Would you return the listing that follows exactly, leaving its pictures behind?

EXERCISE DATA >>
+ + + + + + +

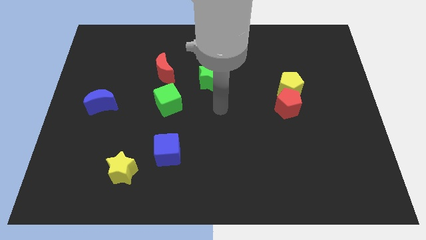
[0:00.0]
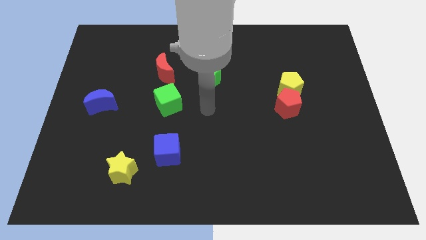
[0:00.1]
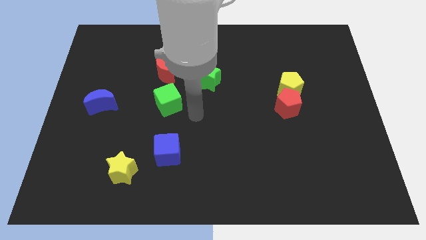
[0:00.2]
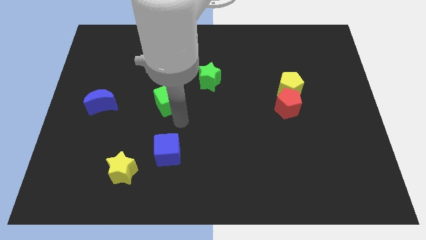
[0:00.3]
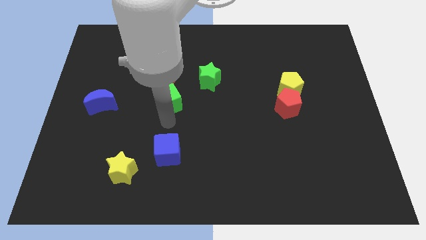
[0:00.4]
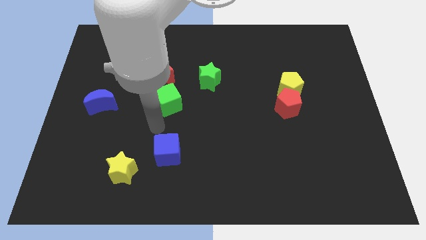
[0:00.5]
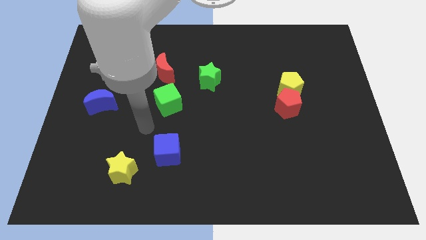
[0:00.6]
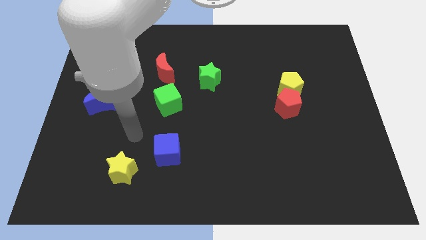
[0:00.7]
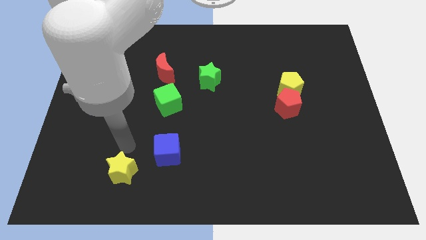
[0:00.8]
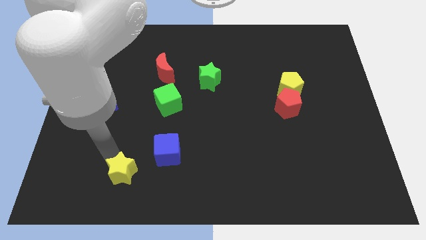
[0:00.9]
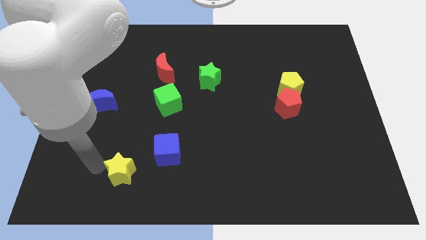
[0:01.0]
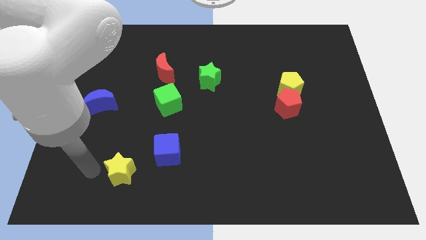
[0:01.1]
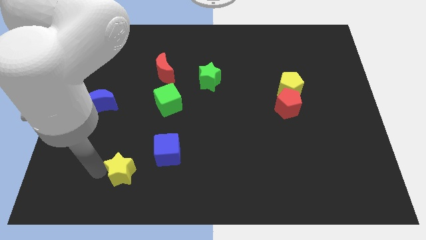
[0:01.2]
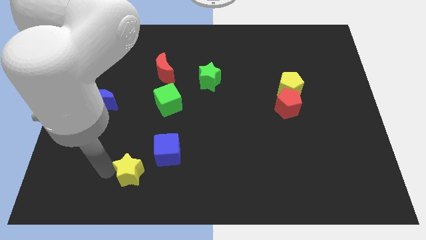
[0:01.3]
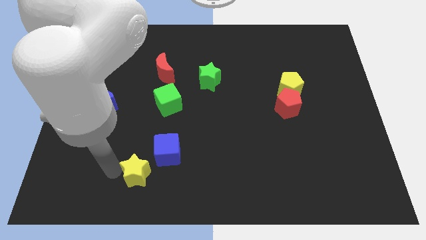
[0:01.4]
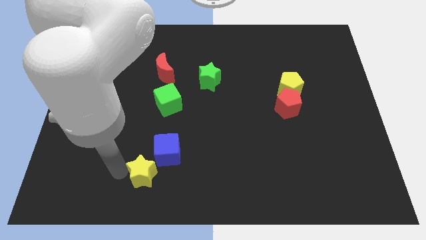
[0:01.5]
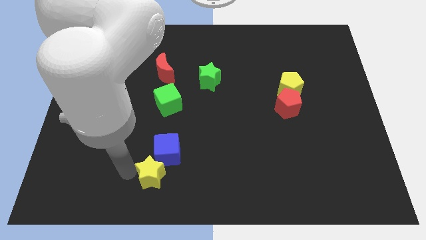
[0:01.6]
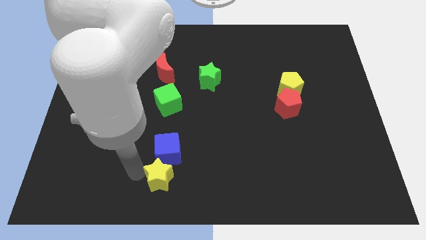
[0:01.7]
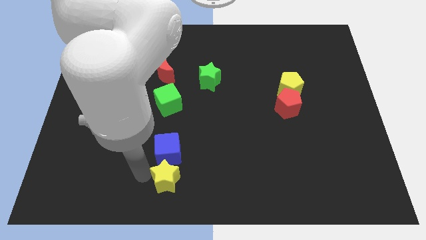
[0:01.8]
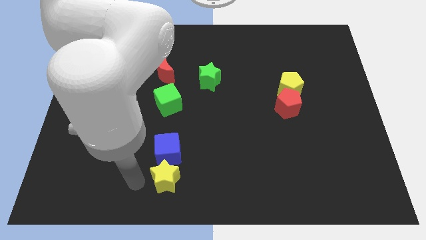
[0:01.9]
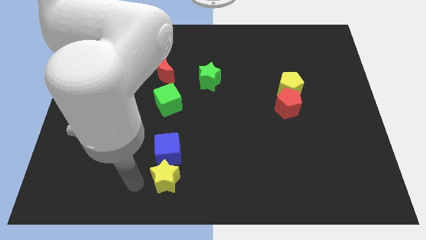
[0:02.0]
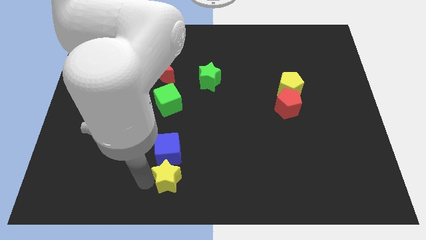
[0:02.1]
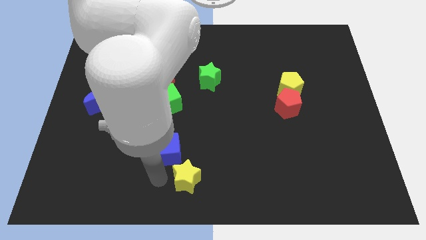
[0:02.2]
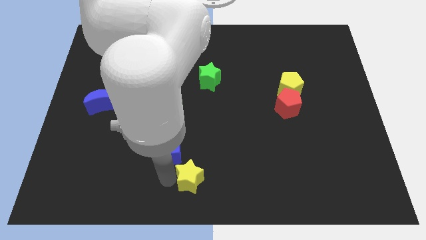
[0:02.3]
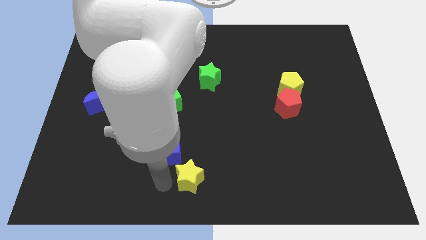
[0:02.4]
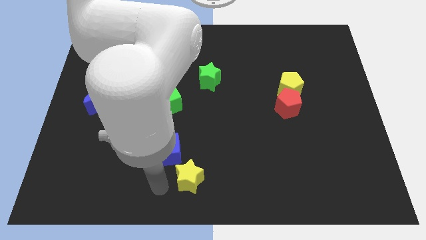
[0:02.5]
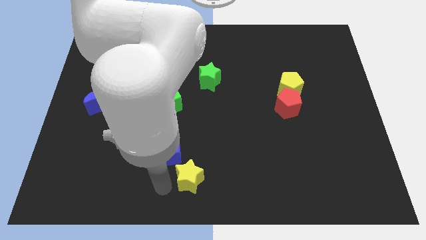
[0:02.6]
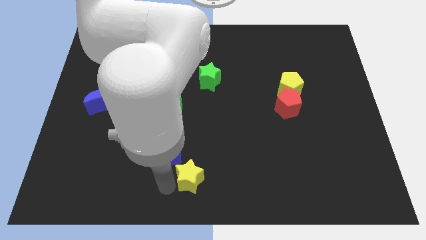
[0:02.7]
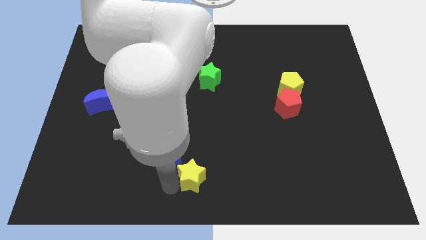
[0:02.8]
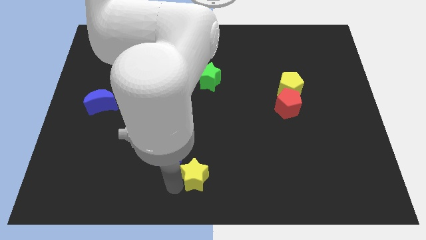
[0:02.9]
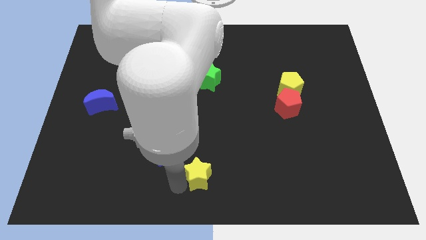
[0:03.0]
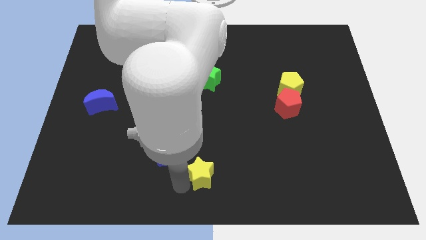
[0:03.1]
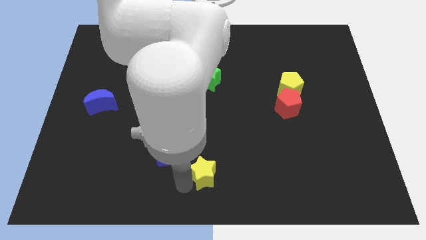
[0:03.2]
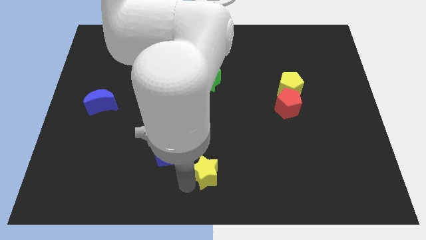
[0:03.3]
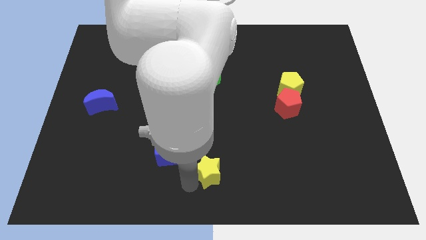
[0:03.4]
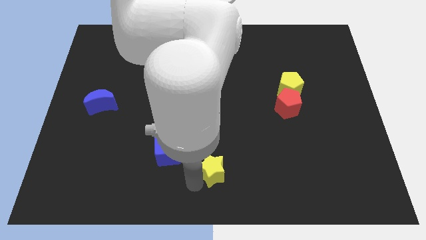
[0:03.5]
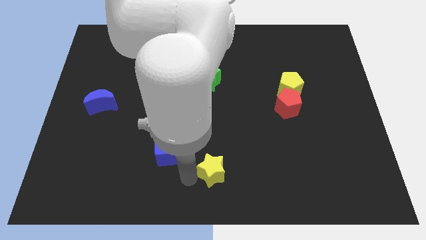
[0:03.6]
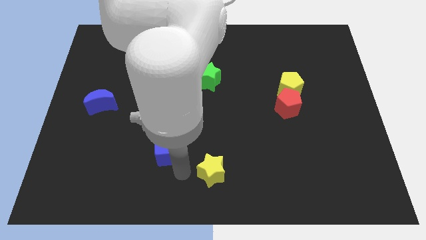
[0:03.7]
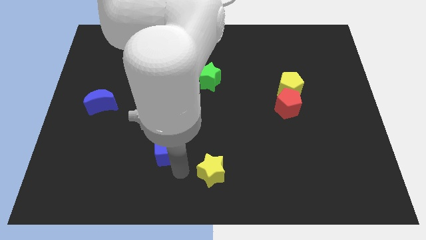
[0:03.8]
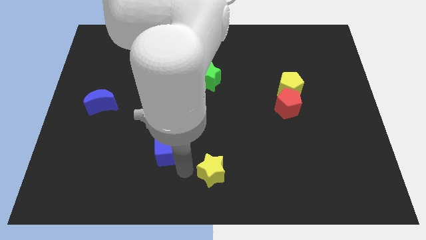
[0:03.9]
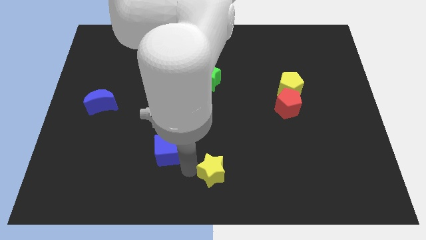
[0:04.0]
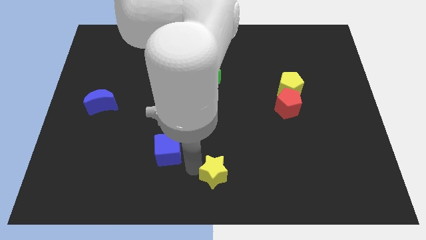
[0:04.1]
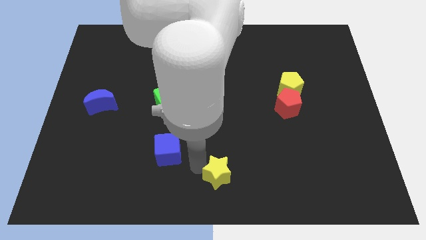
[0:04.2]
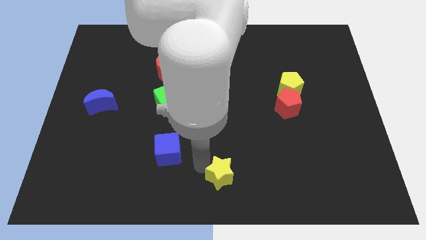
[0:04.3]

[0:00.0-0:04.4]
move the yellow star to the right

+ + + + + + +

SOLUTION TO THIS EXERCISE >>
[0:00.0]
[0:00.1]
[0:00.2]
[0:00.3]
[0:00.4]
[0:00.5]
[0:00.6]
[0:00.7]
[0:00.8]
[0:00.9]
[0:01.0]
[0:01.1]
[0:01.2]
[0:01.3]
[0:01.4]
[0:01.5]
[0:01.6]
[0:01.7]
[0:01.8]
[0:01.9]
[0:02.0]
[0:02.1]
[0:02.2]
[0:02.3]
[0:02.4]
[0:02.5]
[0:02.6]
[0:02.7]
[0:02.8]
[0:02.9]
[0:03.0]
[0:03.1]
[0:03.2]
[0:03.3]
[0:03.4]
[0:03.5]
[0:03.6]
[0:03.7]
[0:03.8]
[0:03.9]
[0:04.0]
[0:04.1]
[0:04.2]
[0:04.3]

[0:00.0-0:04.4]
move the yellow star to the right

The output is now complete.